Puppeteer struggles with timeouts in Docker while interacting with web pages

I’m attempting to collect cookies from various websites using a Node.js script with Puppeteer. The script loads the web page, interacts with it, and saves the cookies to a specified file.
On my local machine, this works perfectly, including in headless mode. However, when I try to run it in a Docker container, it fails for certain sites. For instance, it successfully accesses Google, but it has issues with RentalCars.

The provided code is structured to load the page, handle captchas if necessary, ignore cookies, wait for a specific selector (like an input field), and save cookies to a file.

We utilize packages such as “puppeteer-extra”, “puppeteer-extra-plugin-recaptcha”, and “puppeteer-extra-plugin-stealth”.

When testing with Google, it works in both local and Docker environments in headless mode. However, with RentalCars, while it runs fine locally, it fails in Docker, as the page fails to fully load, preventing the resolution of captchas or retrieving page content using page.content(), and results in a ProtocolError: Runtime.callFunctionOn timed out error.

At times, some network requests seem incomplete, indicating inconsistency; for example, GTM scripts sometimes load and sometimes do not, suggesting potential issues with JavaScript files.

A key cookie I need is the Reese84, which is used for fingerprinting, and I’m uncertain if it’s affecting the outcome or if necessary libraries are missing in Docker. I’ve verified that all required packages listed in GitHub documentation are indeed installed within the Dockerfile.

The following versions are currently being used:

  • Puppeteer: 22.15.0
  • Node: 20.13.0
  • npm: 10.5.2
  • OS: macOS M3

    I would greatly appreciate any insights or recommendations regarding missing packages in the Docker environment.

EDIT1: I modified the navigation method to this:

  await page.goto(url, {
    waitUntil: 'networkidle2',
  });

However, it resulted in a TimeoutError: Navigation timeout of 120000 ms exceeded.

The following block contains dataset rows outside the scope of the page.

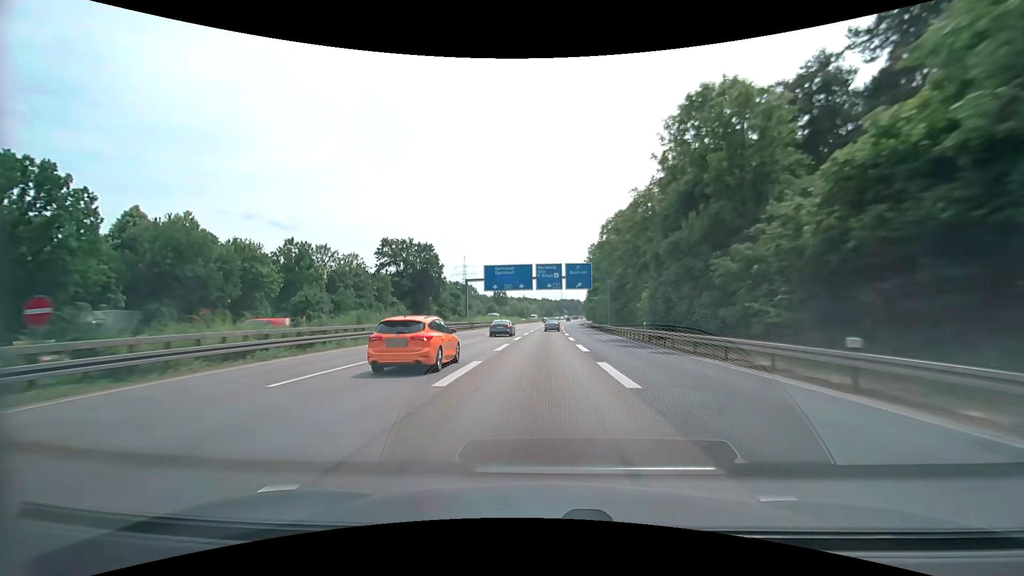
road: motorway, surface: asphalt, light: Day
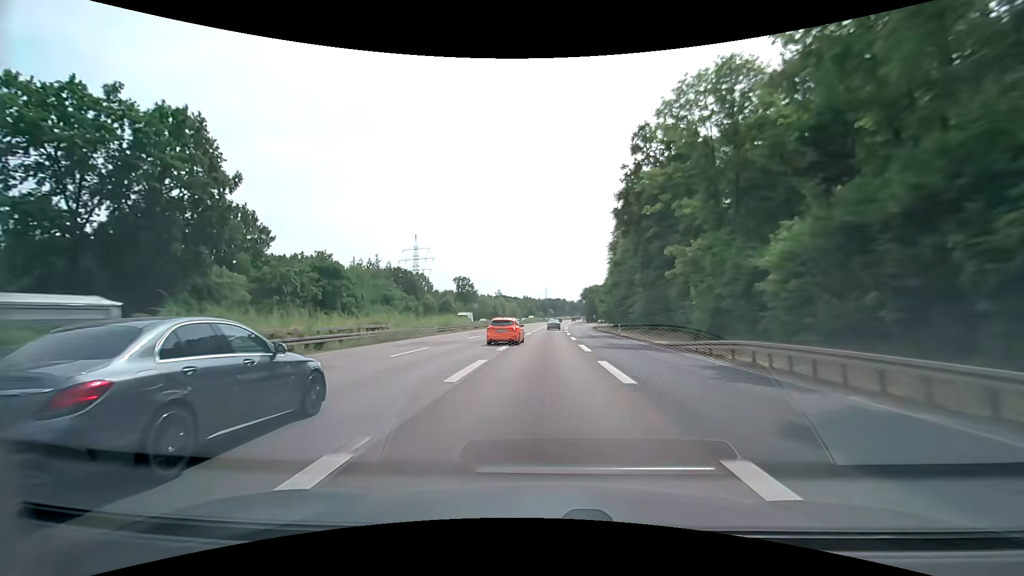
(+1.2, +81.9) m; +2°
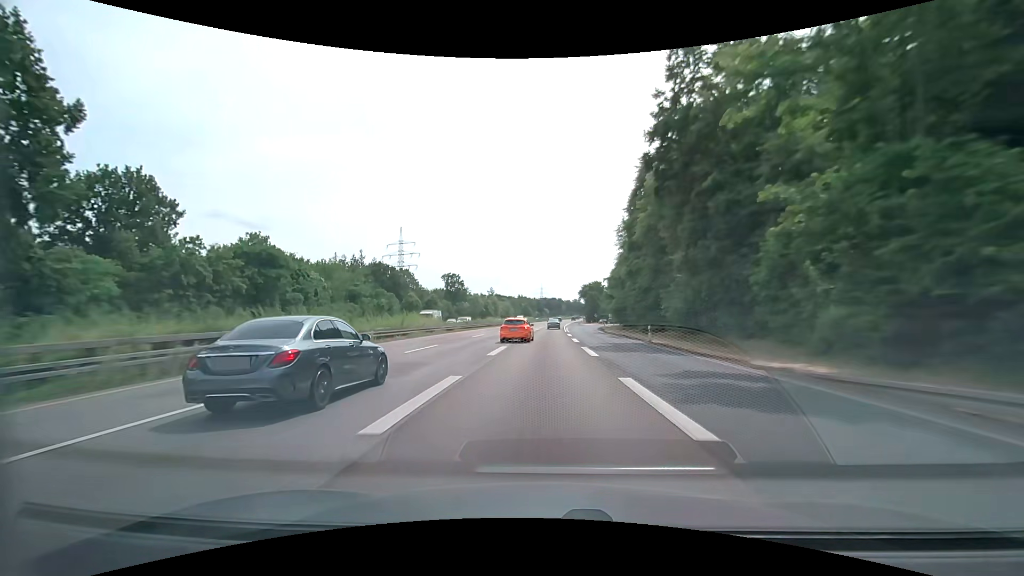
(+0.1, +16.2) m; +1°
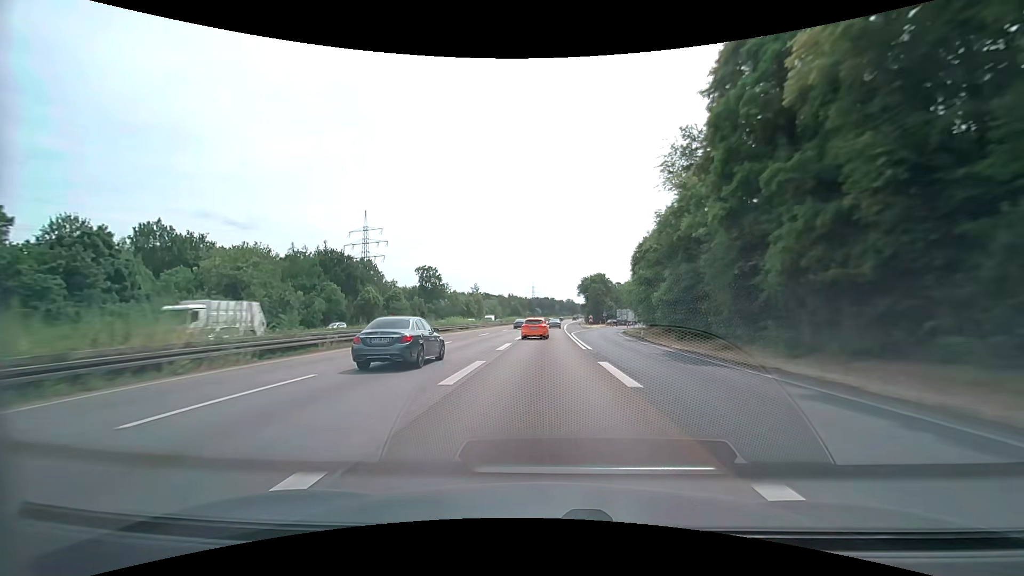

Hey DancingFox, it sounds like the issue might be with network settings or missing dependencies in your Docker container. Here are a few steps you could try:

  • Increase Timeout: Try extending the timeout for page.goto:
  • await page.goto(url, { timeout: 300000, waitUntil: 'networkidle0' });
  • Check DNS: Ensure your Docker container has the right DNS settings by adding Google's DNS:
  • RUN echo "nameserver 8.8.8.8" >> /etc/resolv.conf
  • Disable Web Security: If possible, try running Puppeteer without web security:
  • args: ['--disable-web-security']
  • CAPTCHA Solver: Ensure your CAPTCHA solver is configured correctly within Docker.
  • Check User Agent & Plugins: Sometimes, changing the user-agent or ensuring the plugins are correctly set up helps evade bot detections.

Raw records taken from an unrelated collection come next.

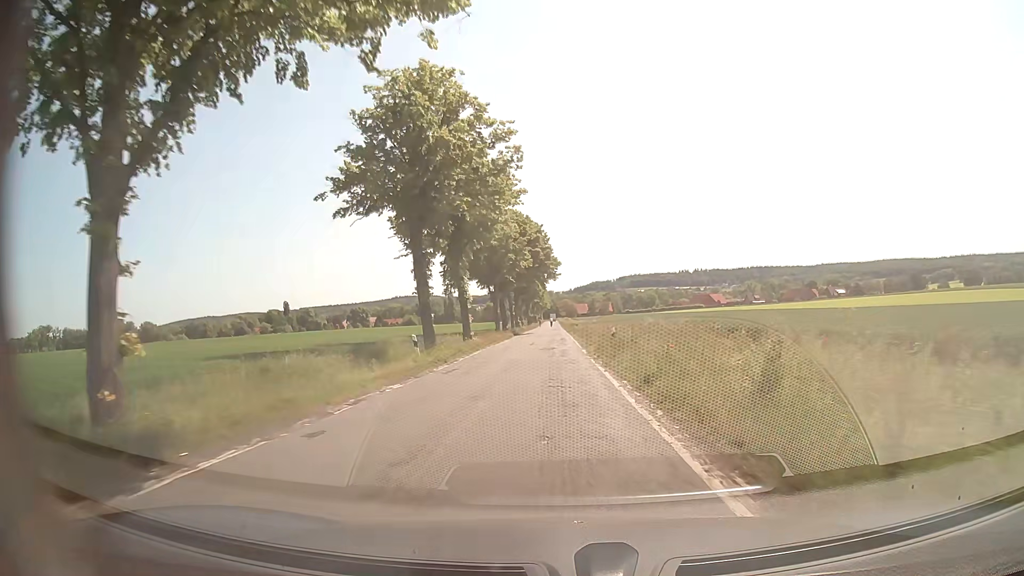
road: secondary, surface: asphalt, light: Day
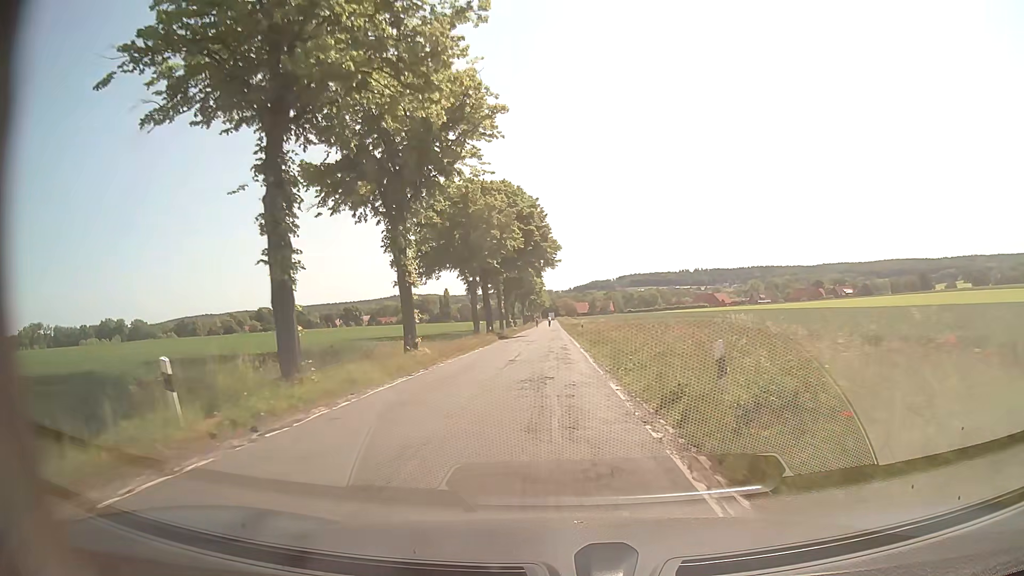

Good luck, and hope this resolves your issue!

Hey DancingFox, dealing with Puppeteer in Docker can sometimes be tricky due to environment differences. Here are some additional optimization steps you could apply:

  • Use Headless Mode Carefully: Ensure you're explicitly setting the headless mode. Try testing in { headless: false } mode within Docker to verify interactions first.
  • Install All Dependencies: Ensure all necessary libraries are installed. Include the following in your Dockerfile:
  • RUN apt-get update \
        && apt-get install -y wget gnupg \
        && wget -q -O - https://dl-ssl.google.com/linux/linux_signing_key.pub | apt-key add - \
        && sh -c 'echo "deb [arch=amd64] http://dl.google.com/linux/chrome/deb/ stable main" >> /etc/apt/sources.list.d/google.list' \
        && apt-get update \
        && apt-get install -y google-chrome-stable
  • Adjust Resource Limits: Make sure Docker has enough resources allocated (CPU/RAM), which can sometimes cause timeouts.
  • Run with Debug Logs: Use the debug feature to get more insights:
  • PUPPETEER_EXECUTABLE_PATH=/path/to/chrome DEBUG="puppeteer:*" node your_script.js
  • Verify Network Requests: Use Puppeteer's request interception to debug problematic requests and check for blockages or redirects that could be handled differently in Docker.

These tweaks should assist in resolving the inconsistencies. Simplifying the setup to the most basic working form and iteratively adding back features can often identify specific causes for the timeout issues.